▼

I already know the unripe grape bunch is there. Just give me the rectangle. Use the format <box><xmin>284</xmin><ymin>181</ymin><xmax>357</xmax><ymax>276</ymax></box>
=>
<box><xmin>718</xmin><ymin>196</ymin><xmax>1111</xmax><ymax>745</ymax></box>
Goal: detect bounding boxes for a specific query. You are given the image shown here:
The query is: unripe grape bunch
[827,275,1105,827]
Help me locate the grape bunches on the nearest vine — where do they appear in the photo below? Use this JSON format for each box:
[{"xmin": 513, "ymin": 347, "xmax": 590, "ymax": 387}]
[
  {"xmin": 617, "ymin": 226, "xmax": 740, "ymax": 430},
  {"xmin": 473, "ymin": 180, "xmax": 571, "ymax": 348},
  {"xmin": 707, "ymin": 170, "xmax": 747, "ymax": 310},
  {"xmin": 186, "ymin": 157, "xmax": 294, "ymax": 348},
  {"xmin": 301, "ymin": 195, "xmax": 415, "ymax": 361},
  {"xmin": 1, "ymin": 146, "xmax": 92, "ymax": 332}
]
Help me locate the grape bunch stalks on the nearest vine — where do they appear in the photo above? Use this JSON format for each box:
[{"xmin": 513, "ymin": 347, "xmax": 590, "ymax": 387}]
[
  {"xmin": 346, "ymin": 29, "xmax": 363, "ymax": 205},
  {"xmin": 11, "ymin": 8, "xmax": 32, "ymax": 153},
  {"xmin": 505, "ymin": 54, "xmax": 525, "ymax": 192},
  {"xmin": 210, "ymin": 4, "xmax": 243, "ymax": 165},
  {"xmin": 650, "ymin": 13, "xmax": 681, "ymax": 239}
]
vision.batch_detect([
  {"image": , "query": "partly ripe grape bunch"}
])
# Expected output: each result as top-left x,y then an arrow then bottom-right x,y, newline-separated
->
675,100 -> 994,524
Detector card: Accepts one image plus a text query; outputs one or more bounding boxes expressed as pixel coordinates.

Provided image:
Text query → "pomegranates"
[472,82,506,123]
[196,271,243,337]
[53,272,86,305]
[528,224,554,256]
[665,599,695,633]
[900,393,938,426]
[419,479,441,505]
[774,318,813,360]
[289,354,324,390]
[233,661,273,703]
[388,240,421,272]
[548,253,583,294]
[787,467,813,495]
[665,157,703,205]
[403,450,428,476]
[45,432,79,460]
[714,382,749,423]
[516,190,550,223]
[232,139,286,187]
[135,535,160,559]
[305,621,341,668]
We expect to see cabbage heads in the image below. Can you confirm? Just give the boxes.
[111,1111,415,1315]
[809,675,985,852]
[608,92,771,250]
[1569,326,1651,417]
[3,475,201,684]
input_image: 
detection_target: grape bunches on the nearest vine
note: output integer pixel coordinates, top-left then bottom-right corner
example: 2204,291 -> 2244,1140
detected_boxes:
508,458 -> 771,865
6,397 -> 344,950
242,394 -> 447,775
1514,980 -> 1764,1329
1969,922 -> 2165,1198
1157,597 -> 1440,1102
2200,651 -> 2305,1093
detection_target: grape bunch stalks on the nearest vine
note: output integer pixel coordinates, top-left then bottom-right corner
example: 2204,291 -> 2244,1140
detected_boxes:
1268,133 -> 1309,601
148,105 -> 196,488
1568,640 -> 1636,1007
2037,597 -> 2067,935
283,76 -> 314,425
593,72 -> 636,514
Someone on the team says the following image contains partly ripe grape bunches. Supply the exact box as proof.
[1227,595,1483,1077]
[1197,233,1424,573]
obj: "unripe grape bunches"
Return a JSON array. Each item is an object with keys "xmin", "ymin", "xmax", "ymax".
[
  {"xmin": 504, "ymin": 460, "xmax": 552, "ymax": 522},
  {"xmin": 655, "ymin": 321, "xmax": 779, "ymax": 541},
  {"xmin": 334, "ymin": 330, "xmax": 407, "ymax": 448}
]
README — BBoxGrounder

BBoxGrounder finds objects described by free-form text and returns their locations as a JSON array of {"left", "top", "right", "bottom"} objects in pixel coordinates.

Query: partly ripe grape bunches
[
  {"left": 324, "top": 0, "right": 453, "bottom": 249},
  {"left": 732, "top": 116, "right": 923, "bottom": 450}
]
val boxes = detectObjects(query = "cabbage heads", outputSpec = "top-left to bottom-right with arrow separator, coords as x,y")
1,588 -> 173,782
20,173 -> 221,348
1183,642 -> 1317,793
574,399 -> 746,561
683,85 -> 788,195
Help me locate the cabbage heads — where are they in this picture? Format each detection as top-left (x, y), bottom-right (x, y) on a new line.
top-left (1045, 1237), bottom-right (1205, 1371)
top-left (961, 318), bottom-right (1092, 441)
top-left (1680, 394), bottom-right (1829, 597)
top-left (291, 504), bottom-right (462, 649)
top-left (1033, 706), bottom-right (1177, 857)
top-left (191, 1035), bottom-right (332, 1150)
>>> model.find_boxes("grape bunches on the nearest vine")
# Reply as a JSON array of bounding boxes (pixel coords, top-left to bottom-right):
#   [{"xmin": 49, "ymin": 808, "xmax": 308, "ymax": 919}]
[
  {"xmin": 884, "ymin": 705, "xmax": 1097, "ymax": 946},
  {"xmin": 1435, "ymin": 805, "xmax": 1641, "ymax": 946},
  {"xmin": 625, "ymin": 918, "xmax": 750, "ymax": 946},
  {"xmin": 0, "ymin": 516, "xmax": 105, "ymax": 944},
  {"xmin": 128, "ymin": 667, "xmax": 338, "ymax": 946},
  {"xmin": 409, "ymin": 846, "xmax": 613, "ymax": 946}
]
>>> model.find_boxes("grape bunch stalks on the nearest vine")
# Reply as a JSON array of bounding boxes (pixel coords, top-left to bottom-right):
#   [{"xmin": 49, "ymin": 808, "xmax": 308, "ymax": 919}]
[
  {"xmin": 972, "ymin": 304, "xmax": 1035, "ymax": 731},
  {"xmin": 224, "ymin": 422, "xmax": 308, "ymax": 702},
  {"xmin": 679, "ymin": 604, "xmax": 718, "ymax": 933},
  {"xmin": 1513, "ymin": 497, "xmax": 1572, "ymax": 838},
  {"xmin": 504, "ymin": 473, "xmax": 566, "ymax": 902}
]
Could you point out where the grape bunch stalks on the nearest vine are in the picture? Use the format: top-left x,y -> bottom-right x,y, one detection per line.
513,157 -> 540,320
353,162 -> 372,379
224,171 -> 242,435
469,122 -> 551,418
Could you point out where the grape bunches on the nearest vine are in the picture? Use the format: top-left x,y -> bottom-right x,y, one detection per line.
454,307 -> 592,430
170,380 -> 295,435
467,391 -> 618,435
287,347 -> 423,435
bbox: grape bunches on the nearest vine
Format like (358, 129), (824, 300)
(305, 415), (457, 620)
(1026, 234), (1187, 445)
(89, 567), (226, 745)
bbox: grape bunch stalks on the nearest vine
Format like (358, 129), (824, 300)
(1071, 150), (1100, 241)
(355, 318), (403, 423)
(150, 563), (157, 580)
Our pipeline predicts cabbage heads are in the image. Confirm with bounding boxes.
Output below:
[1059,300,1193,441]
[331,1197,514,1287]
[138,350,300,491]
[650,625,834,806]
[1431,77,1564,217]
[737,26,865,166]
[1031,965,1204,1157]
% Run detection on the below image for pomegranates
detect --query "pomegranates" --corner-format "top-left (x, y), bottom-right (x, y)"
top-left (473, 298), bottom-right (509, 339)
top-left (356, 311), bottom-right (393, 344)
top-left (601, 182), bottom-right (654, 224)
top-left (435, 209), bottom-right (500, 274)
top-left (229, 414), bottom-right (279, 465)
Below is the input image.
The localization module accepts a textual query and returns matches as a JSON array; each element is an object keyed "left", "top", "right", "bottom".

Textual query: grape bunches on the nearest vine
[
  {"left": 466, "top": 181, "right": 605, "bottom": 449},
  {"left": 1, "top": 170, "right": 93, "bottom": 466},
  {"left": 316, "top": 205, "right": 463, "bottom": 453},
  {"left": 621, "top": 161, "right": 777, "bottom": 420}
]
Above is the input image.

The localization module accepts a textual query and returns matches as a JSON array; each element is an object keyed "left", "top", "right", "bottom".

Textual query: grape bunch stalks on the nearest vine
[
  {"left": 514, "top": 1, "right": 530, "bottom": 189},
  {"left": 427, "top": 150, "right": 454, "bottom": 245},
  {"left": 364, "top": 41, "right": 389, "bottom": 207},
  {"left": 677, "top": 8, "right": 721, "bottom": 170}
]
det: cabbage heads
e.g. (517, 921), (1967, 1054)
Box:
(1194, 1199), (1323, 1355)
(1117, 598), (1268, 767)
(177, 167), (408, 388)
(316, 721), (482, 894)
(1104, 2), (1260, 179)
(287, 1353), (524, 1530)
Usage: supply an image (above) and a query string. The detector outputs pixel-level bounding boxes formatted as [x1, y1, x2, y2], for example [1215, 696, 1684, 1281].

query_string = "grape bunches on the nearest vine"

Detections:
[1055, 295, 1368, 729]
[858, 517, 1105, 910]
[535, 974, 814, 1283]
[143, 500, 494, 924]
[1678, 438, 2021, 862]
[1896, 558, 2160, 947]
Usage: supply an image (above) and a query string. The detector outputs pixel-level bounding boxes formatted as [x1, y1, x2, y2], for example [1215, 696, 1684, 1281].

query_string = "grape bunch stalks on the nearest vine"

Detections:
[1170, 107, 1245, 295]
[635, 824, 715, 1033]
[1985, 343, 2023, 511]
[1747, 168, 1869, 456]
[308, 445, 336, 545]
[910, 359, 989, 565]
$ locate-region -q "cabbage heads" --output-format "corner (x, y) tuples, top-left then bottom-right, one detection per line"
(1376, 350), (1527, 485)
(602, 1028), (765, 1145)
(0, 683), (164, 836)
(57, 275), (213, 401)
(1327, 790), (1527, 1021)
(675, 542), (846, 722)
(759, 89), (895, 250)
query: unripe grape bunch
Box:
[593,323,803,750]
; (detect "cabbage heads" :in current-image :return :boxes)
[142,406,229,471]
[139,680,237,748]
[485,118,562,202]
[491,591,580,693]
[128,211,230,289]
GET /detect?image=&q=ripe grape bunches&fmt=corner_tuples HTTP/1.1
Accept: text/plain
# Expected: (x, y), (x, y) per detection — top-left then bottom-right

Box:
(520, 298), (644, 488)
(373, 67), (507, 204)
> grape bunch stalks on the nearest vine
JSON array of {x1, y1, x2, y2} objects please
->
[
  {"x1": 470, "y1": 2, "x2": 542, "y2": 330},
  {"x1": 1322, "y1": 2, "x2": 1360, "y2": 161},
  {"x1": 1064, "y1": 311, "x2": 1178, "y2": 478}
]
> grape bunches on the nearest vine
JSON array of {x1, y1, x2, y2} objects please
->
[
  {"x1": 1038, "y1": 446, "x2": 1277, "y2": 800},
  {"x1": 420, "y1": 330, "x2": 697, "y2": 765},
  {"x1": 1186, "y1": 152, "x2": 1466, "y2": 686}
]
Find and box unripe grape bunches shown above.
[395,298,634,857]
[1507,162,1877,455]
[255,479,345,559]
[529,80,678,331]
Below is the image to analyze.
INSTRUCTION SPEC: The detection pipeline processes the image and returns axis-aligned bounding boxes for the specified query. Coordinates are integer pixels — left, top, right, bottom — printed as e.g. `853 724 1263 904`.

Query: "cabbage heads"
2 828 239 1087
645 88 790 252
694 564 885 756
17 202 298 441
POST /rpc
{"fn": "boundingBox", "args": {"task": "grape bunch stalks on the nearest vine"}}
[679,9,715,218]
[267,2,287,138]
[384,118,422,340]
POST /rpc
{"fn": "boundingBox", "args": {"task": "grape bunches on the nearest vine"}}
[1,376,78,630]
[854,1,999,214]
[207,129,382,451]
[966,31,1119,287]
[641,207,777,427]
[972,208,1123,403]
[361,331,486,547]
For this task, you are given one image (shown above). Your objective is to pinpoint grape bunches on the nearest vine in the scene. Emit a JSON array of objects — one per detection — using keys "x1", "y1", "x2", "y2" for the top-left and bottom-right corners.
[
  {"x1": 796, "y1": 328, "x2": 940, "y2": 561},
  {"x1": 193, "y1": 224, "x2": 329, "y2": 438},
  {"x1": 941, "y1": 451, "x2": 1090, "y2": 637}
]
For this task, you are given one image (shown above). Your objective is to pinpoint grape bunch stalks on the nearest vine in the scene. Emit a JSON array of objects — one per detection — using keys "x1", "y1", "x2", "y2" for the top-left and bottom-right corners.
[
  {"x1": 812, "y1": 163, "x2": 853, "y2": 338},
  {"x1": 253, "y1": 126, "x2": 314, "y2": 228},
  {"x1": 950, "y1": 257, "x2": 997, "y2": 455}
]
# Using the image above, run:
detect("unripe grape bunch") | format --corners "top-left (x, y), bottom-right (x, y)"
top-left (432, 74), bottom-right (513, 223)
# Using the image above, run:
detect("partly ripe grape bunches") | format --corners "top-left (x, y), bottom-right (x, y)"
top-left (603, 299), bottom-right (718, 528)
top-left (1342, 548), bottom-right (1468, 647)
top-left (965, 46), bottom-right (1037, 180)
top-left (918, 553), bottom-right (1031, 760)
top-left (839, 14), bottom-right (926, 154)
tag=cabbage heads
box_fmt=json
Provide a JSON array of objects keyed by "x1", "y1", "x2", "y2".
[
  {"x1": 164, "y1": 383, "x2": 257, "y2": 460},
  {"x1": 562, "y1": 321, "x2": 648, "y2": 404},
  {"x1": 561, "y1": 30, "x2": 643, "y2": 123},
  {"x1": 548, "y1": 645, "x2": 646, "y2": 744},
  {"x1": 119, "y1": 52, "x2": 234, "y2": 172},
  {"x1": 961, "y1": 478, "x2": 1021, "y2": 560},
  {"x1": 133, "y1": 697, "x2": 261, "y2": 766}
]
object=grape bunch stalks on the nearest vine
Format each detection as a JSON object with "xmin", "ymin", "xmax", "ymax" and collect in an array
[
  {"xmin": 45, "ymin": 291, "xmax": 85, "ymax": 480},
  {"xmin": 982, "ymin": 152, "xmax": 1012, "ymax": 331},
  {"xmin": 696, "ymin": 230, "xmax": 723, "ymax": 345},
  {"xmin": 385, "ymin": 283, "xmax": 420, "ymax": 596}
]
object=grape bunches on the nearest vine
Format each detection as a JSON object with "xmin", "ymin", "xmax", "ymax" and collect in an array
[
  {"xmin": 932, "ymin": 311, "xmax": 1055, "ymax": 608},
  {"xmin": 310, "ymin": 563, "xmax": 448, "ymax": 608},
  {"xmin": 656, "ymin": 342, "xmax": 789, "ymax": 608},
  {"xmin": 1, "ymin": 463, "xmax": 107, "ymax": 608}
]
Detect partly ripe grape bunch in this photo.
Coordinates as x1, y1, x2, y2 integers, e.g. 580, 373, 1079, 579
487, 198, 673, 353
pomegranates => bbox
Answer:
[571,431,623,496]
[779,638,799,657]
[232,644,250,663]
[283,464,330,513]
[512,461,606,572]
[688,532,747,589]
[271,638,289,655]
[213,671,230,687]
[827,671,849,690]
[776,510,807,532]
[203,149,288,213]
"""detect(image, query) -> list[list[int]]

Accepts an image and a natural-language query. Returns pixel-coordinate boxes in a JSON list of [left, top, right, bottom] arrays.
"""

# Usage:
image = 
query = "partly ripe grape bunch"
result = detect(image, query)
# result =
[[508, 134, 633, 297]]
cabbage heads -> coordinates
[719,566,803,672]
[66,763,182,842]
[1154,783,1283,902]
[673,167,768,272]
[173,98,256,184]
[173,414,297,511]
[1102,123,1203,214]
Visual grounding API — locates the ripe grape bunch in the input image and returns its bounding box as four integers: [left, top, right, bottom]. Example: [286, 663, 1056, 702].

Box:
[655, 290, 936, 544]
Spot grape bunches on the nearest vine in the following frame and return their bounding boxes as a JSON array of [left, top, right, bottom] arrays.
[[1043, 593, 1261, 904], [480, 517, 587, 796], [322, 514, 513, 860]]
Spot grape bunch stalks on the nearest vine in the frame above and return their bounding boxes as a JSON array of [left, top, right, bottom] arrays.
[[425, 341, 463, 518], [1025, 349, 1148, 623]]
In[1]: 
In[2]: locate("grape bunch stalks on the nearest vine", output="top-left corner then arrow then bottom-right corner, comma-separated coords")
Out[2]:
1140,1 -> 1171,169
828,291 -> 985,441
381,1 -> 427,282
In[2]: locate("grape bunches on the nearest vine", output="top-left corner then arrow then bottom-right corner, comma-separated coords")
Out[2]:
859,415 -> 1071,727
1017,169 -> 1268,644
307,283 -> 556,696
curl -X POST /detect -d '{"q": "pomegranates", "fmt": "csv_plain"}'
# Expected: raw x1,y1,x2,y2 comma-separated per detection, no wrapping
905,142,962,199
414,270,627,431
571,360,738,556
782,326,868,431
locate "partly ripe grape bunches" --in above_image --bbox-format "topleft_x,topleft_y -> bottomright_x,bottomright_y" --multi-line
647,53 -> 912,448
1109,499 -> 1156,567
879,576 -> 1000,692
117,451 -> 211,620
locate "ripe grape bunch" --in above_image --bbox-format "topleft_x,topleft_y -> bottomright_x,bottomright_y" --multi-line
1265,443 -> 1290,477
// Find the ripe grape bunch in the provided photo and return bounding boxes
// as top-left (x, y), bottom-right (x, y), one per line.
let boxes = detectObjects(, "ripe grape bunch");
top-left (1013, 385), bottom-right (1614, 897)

▲

TASK PROMPT
Return a copy of every line in the records that includes the string "model".

FINISHED EXERCISE
>>> model.find_boxes("grape bunches on the nearest vine")
>>> model.find_boxes("grape bunch stalks on the nearest vine")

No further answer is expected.